→ **Task objective**: Exactly as they appear below, repeat the lines from the one with "ras p21 is immunoprecipitated" through the one with "4℃ for 2 hours.", and no others.

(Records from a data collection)

══════

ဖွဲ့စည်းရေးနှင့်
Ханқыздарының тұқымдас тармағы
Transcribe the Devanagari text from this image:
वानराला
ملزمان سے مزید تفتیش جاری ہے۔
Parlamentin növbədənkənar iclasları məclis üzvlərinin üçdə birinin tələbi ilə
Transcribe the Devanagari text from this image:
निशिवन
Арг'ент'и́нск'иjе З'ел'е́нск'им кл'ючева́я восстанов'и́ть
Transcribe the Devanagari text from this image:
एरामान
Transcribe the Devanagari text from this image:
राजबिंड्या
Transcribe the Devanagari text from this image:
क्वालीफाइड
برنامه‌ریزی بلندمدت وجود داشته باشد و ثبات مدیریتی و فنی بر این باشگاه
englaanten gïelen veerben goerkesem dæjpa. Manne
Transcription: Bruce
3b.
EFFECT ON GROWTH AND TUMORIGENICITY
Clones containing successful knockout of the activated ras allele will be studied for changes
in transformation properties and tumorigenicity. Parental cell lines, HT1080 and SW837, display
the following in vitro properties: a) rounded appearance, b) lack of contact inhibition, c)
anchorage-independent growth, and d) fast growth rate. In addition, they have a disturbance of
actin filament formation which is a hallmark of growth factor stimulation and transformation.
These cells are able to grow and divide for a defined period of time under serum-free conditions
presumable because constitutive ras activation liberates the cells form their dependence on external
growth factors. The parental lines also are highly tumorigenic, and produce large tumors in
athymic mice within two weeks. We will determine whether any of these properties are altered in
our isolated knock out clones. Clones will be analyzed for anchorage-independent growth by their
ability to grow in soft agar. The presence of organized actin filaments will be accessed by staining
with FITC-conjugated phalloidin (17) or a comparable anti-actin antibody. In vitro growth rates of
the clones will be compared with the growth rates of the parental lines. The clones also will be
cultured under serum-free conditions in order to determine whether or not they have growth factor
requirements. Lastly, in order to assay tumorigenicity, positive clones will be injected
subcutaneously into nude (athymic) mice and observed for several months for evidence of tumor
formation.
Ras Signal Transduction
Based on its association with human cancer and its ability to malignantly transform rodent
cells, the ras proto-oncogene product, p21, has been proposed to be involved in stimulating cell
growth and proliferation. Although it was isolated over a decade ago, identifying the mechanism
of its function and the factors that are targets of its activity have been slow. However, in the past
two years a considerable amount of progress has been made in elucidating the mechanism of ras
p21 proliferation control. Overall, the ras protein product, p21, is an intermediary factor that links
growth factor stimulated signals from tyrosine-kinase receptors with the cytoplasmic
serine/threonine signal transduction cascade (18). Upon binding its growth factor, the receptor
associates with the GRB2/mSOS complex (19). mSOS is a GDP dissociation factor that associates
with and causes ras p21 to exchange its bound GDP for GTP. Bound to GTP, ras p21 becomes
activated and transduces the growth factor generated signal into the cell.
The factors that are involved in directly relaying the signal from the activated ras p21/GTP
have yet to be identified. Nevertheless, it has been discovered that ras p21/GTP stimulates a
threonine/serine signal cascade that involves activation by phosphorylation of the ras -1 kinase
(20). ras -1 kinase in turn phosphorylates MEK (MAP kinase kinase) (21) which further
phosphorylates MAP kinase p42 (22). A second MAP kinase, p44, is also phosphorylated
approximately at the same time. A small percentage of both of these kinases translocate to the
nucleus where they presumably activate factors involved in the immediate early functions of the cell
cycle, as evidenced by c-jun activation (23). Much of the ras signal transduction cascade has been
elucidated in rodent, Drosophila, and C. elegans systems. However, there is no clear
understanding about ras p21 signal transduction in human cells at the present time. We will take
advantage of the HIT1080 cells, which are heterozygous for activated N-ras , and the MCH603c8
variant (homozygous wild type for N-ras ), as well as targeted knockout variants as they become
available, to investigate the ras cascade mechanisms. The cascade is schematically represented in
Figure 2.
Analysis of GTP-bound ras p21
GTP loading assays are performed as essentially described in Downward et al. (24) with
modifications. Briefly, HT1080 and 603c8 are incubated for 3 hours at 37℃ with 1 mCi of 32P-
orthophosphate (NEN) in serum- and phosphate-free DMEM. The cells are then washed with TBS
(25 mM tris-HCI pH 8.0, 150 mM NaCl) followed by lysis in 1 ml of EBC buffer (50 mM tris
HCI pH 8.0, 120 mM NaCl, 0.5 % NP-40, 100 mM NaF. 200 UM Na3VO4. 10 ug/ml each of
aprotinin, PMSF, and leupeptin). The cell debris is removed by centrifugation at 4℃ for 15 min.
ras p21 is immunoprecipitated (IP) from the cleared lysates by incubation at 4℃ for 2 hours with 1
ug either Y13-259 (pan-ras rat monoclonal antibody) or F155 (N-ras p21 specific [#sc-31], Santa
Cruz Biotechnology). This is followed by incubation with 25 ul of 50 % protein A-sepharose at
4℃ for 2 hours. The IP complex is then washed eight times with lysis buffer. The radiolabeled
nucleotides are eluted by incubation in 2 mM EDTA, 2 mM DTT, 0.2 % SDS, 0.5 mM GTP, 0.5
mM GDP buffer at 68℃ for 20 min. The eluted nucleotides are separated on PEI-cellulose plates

══════

→ **Answer box**:
ras p21 is immunoprecipitated (IP) from the cleared lysates by incubation at 4℃ for 2 hours with 1
ug either Y13-259 (pan-ras rat monoclonal antibody) or F155 (N-ras p21 specific [#sc-31], Santa
Cruz Biotechnology). This is followed by incubation with 25 ul of 50 % protein A-sepharose at
4℃ for 2 hours. The IP complex is then washed eight times with lysis buffer. The radiolabeled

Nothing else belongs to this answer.